The cumulative carbon emissions that would allow the world to meet a given global temperature target can also be compared to known fossil fuel reserves to calculate how much of their carbon would have to "stay in the ground" to meet these targets, in the absence of widespread carbon capture and storage … 

It is estimated that to meet the 2°C (3.6°F) target, two thirds of known global fossil fuel reserves would need to remain in the ground. Accounting for the differing carbon content of various types of fuels, in order to meet the 2°C target one third of oil reserves, half of gas reserves, and over 80% of coal reserves would need to remain unused, as well as any new unconventional, undeveloped, or undiscovered resources .

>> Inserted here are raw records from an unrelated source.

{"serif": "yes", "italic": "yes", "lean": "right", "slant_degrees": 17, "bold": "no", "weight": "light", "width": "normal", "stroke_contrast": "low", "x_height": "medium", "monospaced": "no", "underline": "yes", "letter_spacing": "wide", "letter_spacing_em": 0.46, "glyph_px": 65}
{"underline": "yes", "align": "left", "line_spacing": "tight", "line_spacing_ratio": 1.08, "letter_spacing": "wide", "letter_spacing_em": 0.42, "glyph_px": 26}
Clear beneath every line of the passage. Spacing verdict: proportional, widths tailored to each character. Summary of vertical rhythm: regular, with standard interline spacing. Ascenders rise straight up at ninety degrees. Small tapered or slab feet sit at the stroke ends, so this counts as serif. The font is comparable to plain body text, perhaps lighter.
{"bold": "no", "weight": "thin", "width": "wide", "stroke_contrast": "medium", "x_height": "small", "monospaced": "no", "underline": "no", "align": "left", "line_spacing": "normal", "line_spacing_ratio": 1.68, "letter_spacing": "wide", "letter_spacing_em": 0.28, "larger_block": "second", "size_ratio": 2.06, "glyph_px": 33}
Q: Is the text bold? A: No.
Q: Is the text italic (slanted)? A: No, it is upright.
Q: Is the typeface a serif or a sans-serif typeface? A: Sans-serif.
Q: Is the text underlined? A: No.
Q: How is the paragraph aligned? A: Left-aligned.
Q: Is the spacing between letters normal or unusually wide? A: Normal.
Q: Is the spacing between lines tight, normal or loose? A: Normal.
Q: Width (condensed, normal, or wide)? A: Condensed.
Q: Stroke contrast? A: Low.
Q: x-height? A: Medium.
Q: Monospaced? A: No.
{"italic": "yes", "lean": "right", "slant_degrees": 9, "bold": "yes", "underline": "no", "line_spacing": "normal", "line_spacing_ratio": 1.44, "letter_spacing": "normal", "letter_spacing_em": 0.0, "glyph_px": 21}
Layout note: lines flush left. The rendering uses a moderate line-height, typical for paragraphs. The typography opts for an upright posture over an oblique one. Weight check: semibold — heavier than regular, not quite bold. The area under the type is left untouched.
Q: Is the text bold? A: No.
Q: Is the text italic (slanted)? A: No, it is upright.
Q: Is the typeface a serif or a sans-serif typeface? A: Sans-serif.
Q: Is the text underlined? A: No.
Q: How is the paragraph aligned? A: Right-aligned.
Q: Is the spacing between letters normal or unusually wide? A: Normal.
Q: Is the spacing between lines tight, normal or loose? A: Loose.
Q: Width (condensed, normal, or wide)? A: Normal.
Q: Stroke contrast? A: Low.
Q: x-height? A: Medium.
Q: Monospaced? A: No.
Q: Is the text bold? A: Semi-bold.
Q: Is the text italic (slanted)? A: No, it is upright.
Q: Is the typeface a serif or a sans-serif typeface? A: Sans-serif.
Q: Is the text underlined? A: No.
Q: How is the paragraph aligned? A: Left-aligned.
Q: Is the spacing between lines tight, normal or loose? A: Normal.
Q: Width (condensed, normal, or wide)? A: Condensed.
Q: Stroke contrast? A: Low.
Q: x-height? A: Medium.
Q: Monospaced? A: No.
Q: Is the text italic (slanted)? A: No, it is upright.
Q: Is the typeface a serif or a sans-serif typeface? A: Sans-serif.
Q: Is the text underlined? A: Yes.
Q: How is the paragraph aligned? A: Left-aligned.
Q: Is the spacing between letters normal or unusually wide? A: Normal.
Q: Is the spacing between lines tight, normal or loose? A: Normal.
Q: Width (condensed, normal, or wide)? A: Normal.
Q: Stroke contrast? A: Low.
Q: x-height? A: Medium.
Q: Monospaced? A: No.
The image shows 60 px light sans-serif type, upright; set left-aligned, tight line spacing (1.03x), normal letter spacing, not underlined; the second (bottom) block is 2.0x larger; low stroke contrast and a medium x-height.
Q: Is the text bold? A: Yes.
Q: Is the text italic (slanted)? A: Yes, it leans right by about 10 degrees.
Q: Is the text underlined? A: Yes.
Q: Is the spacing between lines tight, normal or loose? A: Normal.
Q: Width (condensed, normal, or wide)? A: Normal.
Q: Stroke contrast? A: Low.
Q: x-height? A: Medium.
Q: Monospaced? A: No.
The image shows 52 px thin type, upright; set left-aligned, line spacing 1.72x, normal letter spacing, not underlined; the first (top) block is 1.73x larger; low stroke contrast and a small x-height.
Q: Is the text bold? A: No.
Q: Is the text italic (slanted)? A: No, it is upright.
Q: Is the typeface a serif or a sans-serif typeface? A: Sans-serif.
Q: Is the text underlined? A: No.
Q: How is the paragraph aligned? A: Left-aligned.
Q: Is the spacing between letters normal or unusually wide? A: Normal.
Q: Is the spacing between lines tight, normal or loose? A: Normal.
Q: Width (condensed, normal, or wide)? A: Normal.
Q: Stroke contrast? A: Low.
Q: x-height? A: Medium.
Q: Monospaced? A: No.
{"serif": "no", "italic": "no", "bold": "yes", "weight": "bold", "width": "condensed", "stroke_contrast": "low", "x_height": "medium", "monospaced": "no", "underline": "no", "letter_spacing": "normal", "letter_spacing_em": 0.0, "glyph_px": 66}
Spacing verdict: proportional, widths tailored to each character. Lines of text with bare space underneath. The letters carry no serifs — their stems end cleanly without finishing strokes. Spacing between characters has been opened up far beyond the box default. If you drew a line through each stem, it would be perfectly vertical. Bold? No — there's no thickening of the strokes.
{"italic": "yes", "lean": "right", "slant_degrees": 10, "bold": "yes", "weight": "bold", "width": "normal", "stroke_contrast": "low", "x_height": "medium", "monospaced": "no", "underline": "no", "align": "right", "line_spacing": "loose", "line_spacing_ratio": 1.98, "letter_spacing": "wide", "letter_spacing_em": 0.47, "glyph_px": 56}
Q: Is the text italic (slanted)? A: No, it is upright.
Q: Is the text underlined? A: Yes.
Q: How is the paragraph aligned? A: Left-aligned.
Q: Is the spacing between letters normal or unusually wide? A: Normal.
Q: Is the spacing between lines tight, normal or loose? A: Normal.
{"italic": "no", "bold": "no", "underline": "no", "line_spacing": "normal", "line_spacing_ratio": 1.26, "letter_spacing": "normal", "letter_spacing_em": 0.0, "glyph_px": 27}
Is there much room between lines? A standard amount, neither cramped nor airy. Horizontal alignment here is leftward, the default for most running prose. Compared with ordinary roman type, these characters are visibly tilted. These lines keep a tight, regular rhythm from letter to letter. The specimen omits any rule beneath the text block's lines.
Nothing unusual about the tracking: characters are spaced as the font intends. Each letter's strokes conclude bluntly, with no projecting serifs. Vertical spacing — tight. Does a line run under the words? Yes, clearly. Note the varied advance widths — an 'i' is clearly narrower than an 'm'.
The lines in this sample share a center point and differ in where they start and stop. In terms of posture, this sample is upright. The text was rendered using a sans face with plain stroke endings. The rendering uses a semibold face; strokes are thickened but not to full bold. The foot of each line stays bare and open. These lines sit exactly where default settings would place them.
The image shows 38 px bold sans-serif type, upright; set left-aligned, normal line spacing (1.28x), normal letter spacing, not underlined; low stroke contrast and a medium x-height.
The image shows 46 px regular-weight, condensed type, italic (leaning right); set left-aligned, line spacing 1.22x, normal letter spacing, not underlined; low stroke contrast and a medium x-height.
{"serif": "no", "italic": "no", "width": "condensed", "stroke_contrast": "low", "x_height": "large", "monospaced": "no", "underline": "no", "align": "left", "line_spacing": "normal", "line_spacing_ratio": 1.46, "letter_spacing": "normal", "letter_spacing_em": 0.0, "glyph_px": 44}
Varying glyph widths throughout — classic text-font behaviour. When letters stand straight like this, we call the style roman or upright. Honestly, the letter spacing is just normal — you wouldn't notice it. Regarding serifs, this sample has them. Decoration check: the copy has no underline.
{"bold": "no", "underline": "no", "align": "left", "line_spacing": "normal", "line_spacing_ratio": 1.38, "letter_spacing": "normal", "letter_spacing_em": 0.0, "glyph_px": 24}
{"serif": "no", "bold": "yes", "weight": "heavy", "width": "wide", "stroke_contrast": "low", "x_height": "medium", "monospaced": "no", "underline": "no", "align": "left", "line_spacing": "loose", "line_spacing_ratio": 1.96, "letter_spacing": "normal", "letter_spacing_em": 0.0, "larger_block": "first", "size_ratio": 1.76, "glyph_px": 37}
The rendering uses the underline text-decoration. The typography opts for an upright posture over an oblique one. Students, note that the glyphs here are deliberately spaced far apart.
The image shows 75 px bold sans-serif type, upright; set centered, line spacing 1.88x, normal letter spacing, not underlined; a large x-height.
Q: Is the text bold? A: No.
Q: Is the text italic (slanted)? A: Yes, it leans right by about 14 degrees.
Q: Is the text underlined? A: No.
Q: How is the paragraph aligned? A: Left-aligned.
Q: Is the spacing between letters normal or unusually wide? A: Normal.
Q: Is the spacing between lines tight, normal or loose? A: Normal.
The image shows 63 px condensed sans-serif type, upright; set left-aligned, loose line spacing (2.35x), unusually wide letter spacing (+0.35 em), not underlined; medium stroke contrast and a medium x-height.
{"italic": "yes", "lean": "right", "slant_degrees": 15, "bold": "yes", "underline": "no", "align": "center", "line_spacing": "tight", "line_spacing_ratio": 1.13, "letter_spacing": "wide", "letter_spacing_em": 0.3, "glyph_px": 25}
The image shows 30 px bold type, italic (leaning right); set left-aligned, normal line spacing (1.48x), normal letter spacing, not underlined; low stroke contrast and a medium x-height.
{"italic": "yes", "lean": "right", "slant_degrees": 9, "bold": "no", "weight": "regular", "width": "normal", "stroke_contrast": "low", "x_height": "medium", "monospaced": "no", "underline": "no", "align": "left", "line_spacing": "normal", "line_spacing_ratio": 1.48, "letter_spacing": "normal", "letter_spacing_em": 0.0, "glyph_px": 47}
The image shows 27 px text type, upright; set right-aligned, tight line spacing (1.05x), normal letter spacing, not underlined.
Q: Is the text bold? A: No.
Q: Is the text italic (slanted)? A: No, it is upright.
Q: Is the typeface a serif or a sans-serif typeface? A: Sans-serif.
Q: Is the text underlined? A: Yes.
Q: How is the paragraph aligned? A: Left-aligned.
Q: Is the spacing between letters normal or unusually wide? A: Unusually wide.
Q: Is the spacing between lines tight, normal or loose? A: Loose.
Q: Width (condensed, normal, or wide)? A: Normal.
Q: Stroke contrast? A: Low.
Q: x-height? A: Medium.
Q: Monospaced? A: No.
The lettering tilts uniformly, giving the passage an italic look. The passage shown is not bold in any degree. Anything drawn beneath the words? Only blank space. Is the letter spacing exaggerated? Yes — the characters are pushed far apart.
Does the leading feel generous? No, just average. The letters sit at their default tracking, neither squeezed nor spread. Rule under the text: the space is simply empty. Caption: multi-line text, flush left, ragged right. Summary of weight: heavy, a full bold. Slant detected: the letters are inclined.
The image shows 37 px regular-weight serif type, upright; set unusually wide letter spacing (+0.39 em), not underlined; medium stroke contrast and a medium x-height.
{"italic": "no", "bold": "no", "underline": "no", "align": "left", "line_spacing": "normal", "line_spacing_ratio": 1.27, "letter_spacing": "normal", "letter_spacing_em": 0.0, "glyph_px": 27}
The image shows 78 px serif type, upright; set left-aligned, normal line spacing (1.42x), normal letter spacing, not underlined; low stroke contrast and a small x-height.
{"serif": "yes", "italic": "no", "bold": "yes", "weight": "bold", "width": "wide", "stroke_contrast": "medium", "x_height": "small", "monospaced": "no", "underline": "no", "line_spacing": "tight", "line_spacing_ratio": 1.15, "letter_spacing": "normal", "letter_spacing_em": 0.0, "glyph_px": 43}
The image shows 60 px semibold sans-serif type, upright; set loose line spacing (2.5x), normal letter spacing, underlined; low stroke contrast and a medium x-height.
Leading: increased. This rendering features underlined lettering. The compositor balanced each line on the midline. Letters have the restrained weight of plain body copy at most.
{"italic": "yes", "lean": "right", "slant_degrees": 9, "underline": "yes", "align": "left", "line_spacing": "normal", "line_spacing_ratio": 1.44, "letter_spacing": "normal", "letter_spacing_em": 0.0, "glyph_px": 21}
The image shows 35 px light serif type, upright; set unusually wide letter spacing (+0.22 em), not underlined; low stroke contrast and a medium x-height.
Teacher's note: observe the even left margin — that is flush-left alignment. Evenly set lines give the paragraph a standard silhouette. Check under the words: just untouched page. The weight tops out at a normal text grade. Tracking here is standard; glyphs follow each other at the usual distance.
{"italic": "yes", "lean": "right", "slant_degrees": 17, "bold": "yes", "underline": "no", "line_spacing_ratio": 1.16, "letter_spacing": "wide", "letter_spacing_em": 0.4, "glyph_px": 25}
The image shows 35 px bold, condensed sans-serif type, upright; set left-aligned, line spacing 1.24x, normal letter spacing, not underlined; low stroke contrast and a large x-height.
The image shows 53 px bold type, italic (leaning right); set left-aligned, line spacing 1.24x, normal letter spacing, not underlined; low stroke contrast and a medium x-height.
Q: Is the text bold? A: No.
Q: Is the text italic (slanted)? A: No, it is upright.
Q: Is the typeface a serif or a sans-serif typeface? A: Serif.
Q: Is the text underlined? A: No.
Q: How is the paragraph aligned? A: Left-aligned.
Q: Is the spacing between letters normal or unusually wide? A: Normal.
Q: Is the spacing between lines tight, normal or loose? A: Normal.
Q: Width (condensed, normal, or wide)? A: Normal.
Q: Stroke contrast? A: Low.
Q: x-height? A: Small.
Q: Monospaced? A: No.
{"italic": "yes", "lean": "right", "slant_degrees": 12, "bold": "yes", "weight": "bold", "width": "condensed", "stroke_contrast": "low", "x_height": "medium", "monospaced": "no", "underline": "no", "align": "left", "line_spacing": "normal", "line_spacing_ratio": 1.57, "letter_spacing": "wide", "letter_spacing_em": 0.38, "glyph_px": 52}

For more on that, you could read the paper that the new report cites, "The geographical distribution of fossil fuels unused when limiting global warming to 2 °C," published two years ago by the journal Nature.  Among other things, the paper reports:

Our results show that policy makers' instincts to exploit rapidly and completely their territorial fossil fuels are, in aggregate, inconsistent with their commitments to this temperature limit …  These results demonstrate that a stark transformation in our understanding of fossil fuel availability is necessary. Although there have previously been fears over the scarcity of fossil fuels, in a climate-constrained world this is no longer a relevant concern: large portions of the reserve base and an even greater proportion of the resource base should not be produced if the temperature rise is to remain below 2°C .

What West Virginia political leader will even try to face these facts?